The tale of a telescope

In this month’s Journal for the History of Astronomy I have a book review of Richard Gillespie’s The Great Melbourne Telescope – a book I enjoyed reading and a review I enjoyed writing.

The Great Melbourne Telescope. Richard Gillespie (Museum Victoria Publishing, Melbourne, 2011). Pp. 188. AUD 29.95 (paperback). ISBN 978-1-92183-305-2.

This readable and well-illustrated book takes a journey that begins in 1840s Ireland and passes through the astronomical élites of Victorian Britain, colonial Australian society and twentieth-century international collaborative research programmes. The telescope that provides the focus of this story is both a remarkable physical pres- ence and an object of different meanings in the minds of those who dreamed it up, designed it, built it, worked with it or simply visited it. The cast of characters who swiftly cross these pages include British princes, a Fenian agitator, colonial officials and, of course, astronomers major and minor.

Gillespie commendably handles this broad canvas and the specific or more technical details. The content, bibliography and endnotes are proof of knowledge and research that is woven well into an engaging narrative, only occasionally weighted down with the detail necessary to explain the frequent delays and pauses that characterized the history of this telescope. Each chapter opens with a section of semi-dramatized storytelling that, although it felt a little artificial with repetition, works to keep the reader’s interest and, more importantly, to focus attention on telling episodes.

Thus the first chapter opens on a cold night in Ireland, with Lord Rosse, Sir James South and Thomas Romney Robinson observing with Rosse’s ‘Leviathan’. These men, the ambitious telescope and the aim of resolving disputes about the nature of nebulae form the story’s background. The southern hemisphere beckoned as a field that, despite John Herschel’s work, remained relatively unexplored, and with climates more promising than Ireland’s for the use of large mirrored telescopes. Rosse and Robinson, while President of the Royal Society and the British Association for the Advancement of Science respectively, had their moment in 1852 to create the joint Southern Telescope Committee.

The published correspondence of this committee presents the historian with a wonderful resource to explore the currents of astronomical research, telescope design, politics and personalities. Disagreements caused delay as did, almost fatally to the project, the Crimean War. It took intense lobbying from the colonies to revive the project, and so enters, in the second chapter, the bounding figure of William Wilson, an ambitious, undiplomatic professor of mathematics in Melbourne. Gillespie’s account of society in colonial Victoria is particularly well drawn, with a sense of its burgeoning development until depression hit late in the century. It is a place where names and fortunes could be made, where local, colonial and national identities were consciously developed, and where a large telescope could make a big statement.

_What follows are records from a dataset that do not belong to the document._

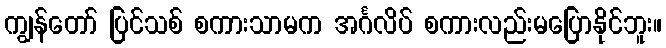
ကျွန်တော် ပြင်သစ် စကားသာမက အင်္ဂလိပ် စကားလည်းမပြောနိုင်ဘူး။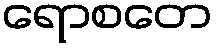
ရောစတေ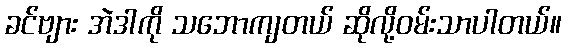
ခင်ဗျား အဲဒါကို သဘောကျတယ် ဆိုလို့ဝမ်းသာပါတယ်။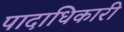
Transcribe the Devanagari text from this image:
पादाधिकारी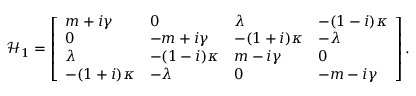
\begin{array} { r } { \mathcal { H } _ { 1 } = \left[ \begin{array} { l l l l } { m + i \gamma } & { 0 } & { \lambda } & { - ( 1 - i ) \kappa } \\ { 0 } & { - m + i \gamma } & { - ( 1 + i ) \kappa } & { - \lambda } \\ { \lambda } & { - ( 1 - i ) \kappa } & { m - i \gamma } & { 0 } \\ { - ( 1 + i ) \kappa } & { - \lambda } & { 0 } & { - m - i \gamma } \end{array} \right] . } \end{array}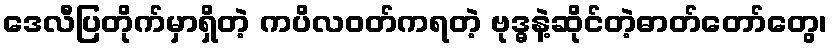
ဒေလီပြတိုက်မှာရှိတဲ့ ကပိလဝတ်ကရတဲ့ ဗုဒ္ဓနဲ့ဆိုင်တဲ့ဓာတ်တော်တွေ၊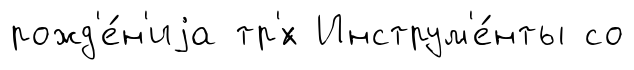
рожд'е́н'иjа тр'́х Инструм'е́нты со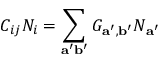
C _ { i j } N _ { i } = \sum _ { \mathbf { a ^ { \prime } b ^ { \prime } } } G _ { \mathbf { a ^ { \prime } } , \mathbf { b ^ { \prime } } } N _ { \mathbf { a ^ { \prime } } }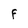
Character: F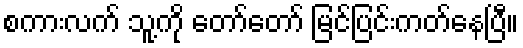
စကားလက် သူ့ကို တော်တော် မြင်ပြင်းကတ်နေပြီ။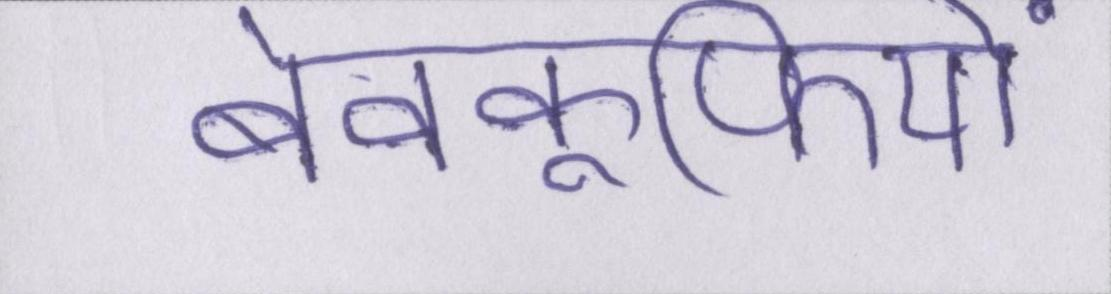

The following two chapters open with the drama of casting the telescope’s mirror at Thomas Grubb’s Dublin workshop, and with the Melbourne Observatory’s director, Robert Ellery, writing to explain the difficulties encountered working the telescope at a distance from British and Irish expertise. Not until chap. 5 and the 1870s do we see “The telescope at work” in a regular, satisfying manner, although problems remained in finding observers, keeping the mirrors untarnished and producing results that would justify the costs. As described in the following chapter, however, justification was also found in telescope’s symbolic role within Melbourne and beyond. From the beginning, monthly open evenings were held, and the telescope’s educative, or public relations, role as “the city’s scientific icon” (p. 119) should not be underestimated.

The affection felt for this instrument explains its final chapter. While economic slowdown and changing priorities meant that it was largely unused in the first half of the twentieth century, its symbolic importance, along with claims of economy, let to its post-war “Rebirth”. Twice it was completely remodelled, with increasingly automated operation and a new mirror collecting light for analysis by a host of instru- ments. Where once the observer tackled the telescope manually, trained his eye to see and interpret the faint light of nebulae, and recorded his impressions in drawing and lithograph, now the Great Melbourne Telescope’s light was analysed by computer in the search for evidence of dark matter.

This new life was ended by a bushfire in 2003. This disaster has, however, given Victoria’s Museum and Astronomical Society the opportunity to reunite the original Grubb axes and bearings with parts of the telescope long-since removed. Because of the desire to use the instrument for public observing sessions, it will be fitted with new mirrors and finding system, creating a curious hybrid, like most of our working historical telescopes. While astronomical research continues onward to ever-larger reflectors, this instrument will play its old role of engaging the public with astronomy. And as Richard Gillespie’s enjoyable book makes clear, it should also lead visitors to consider Australia’s astronomical heritage, tied closely as it is to the history of the nation itself. The telescope’s story is one worth telling.

5 thoughts on “The tale of a telescope

  1. I don’t know if anyone has already written a book about it, but if not it is a suggestion of follow-up for the author to write about other emotional Australian “telescope”: Hanbury-Brown intensity interferometer. I would be in line to buy such a book too.